(Items listed in a dataset)

== == ==

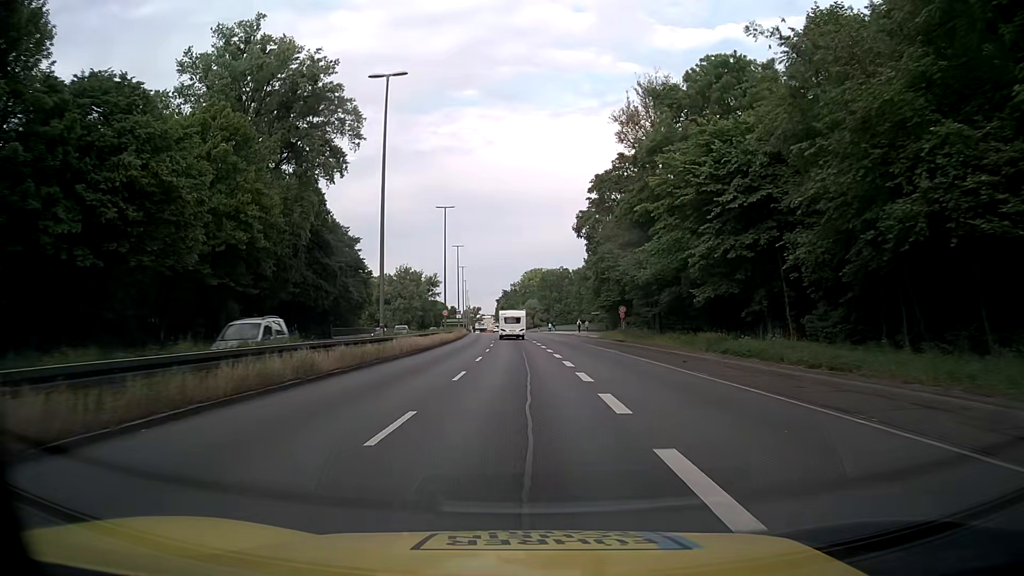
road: trunk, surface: asphalt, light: Day
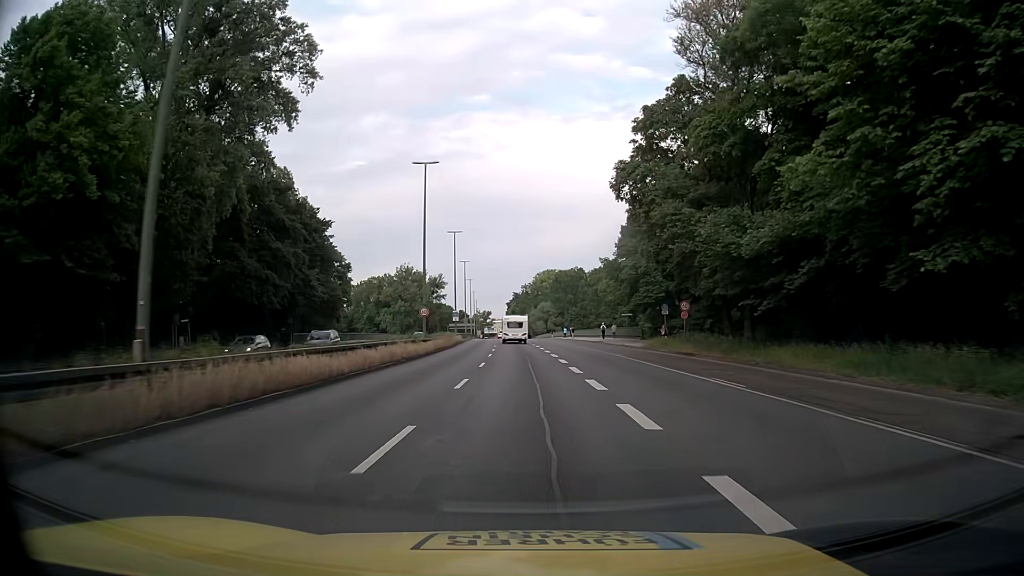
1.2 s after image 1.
(-0.3, +19.3) m; -1°
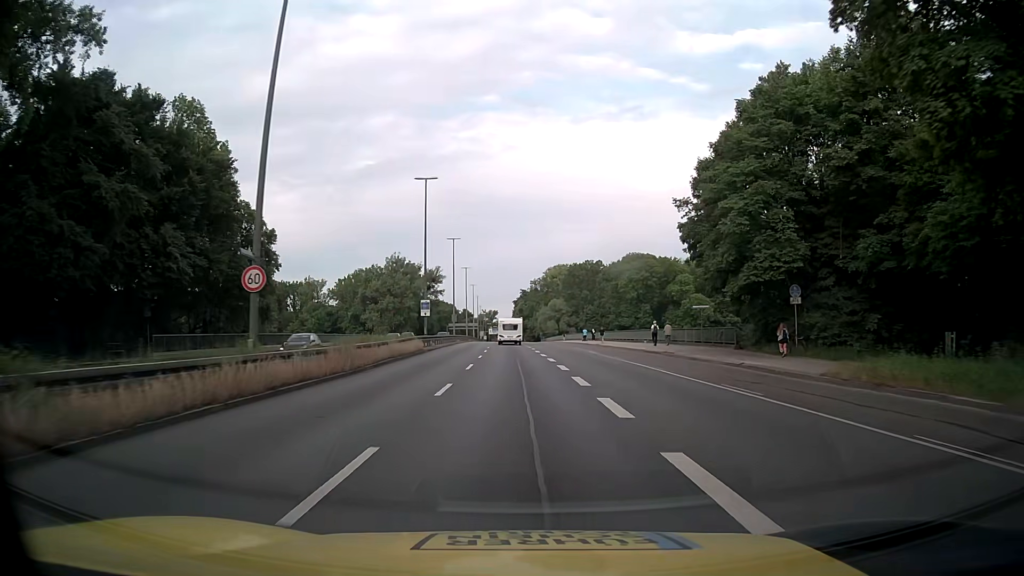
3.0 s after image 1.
(-0.2, +28.9) m; -1°
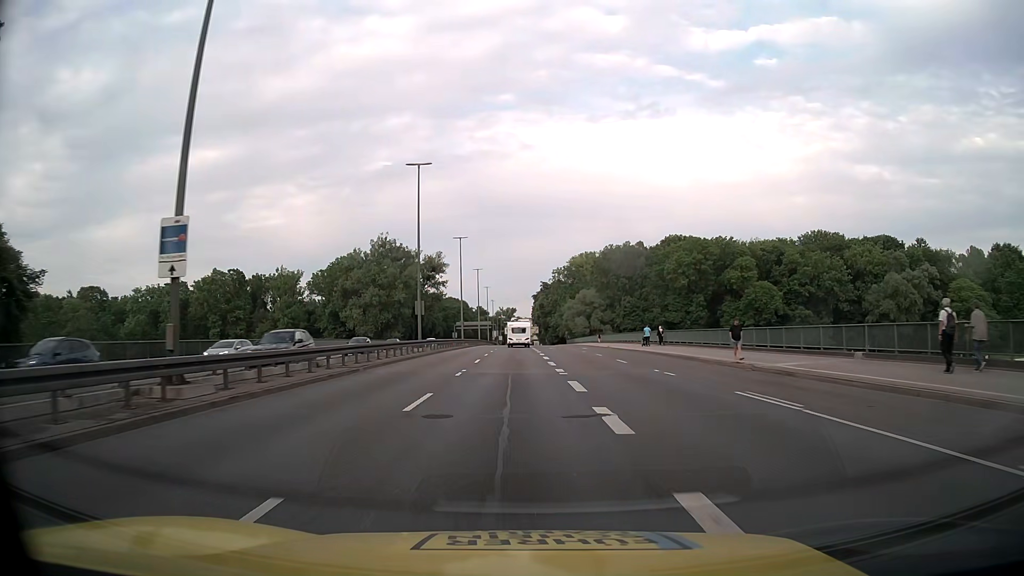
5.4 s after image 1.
(-0.3, +38.7) m; -1°
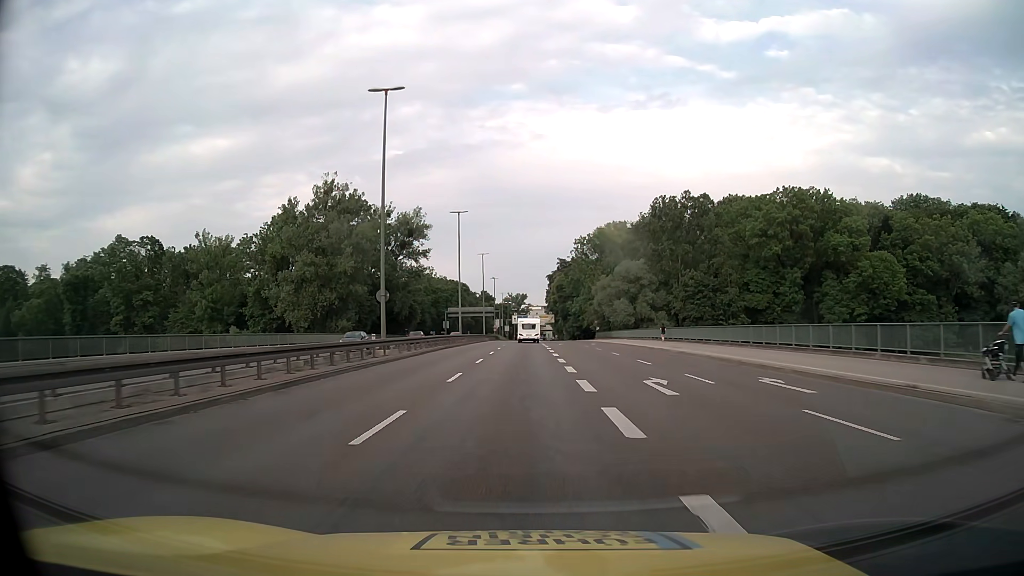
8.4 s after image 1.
(-0.7, +48.7) m; -1°
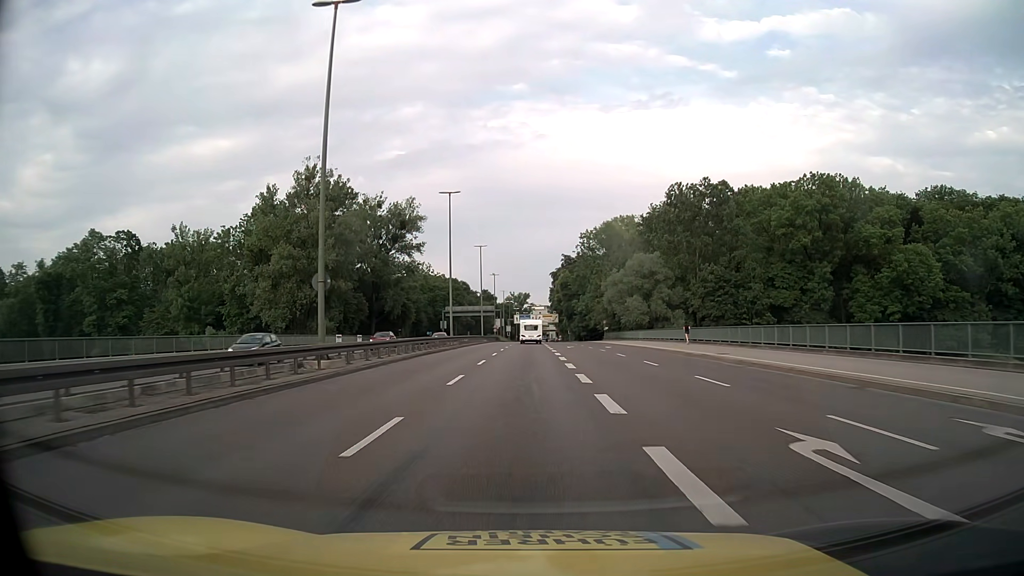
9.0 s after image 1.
(0.0, +9.8) m; 0°
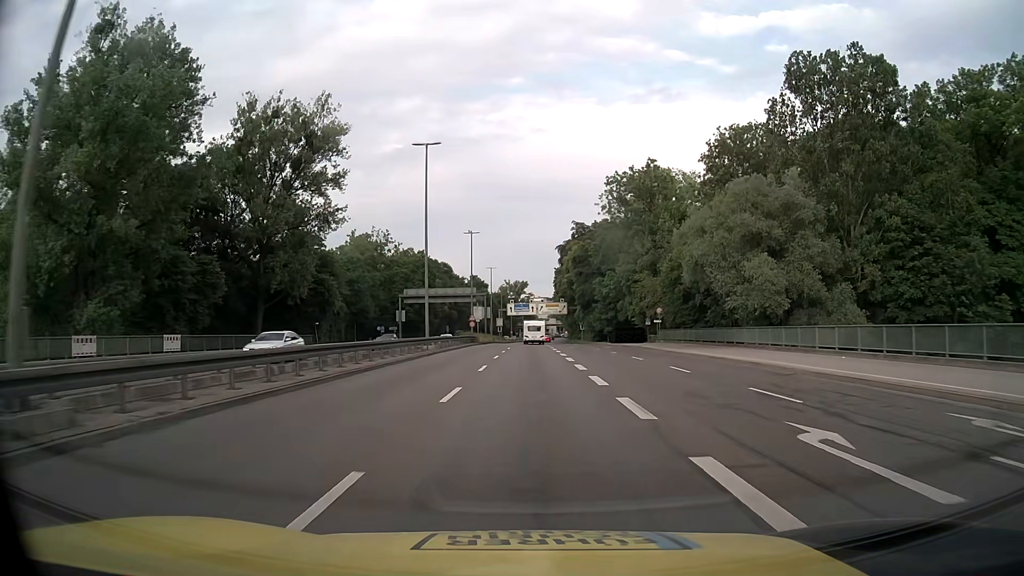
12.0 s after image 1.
(-0.2, +49.1) m; 0°
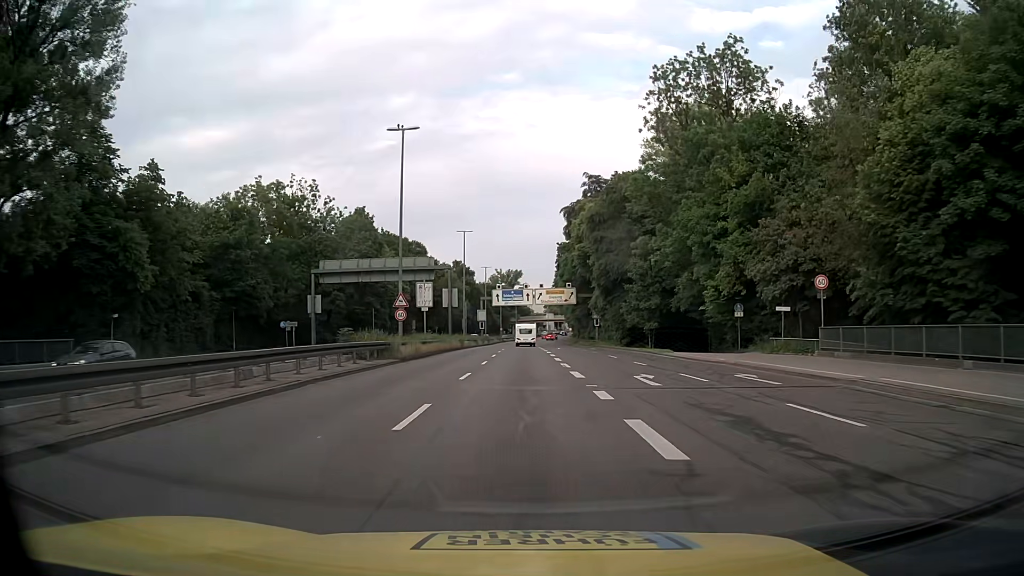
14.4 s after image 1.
(+0.3, +39.3) m; 0°
(0, +10) (0, +20) (0, +30) (0, +40) (0, +50) (-1, +60) (-1, +70) (-1, +80) (-1, +90) (-1, +100) m

== == ==

Exercise aim = Please copy every record above exactly, but leave the pictures out.

Response for this exercise =
road: trunk, surface: asphalt, light: Day
1.2 s after image 1.
(-0.3, +19.3) m; -1°
3.0 s after image 1.
(-0.2, +28.9) m; -1°
5.4 s after image 1.
(-0.3, +38.7) m; -1°
8.4 s after image 1.
(-0.7, +48.7) m; -1°
9.0 s after image 1.
(0.0, +9.8) m; 0°
12.0 s after image 1.
(-0.2, +49.1) m; 0°
14.4 s after image 1.
(+0.3, +39.3) m; 0°
(0, +10) (0, +20) (0, +30) (0, +40) (0, +50) (-1, +60) (-1, +70) (-1, +80) (-1, +90) (-1, +100) m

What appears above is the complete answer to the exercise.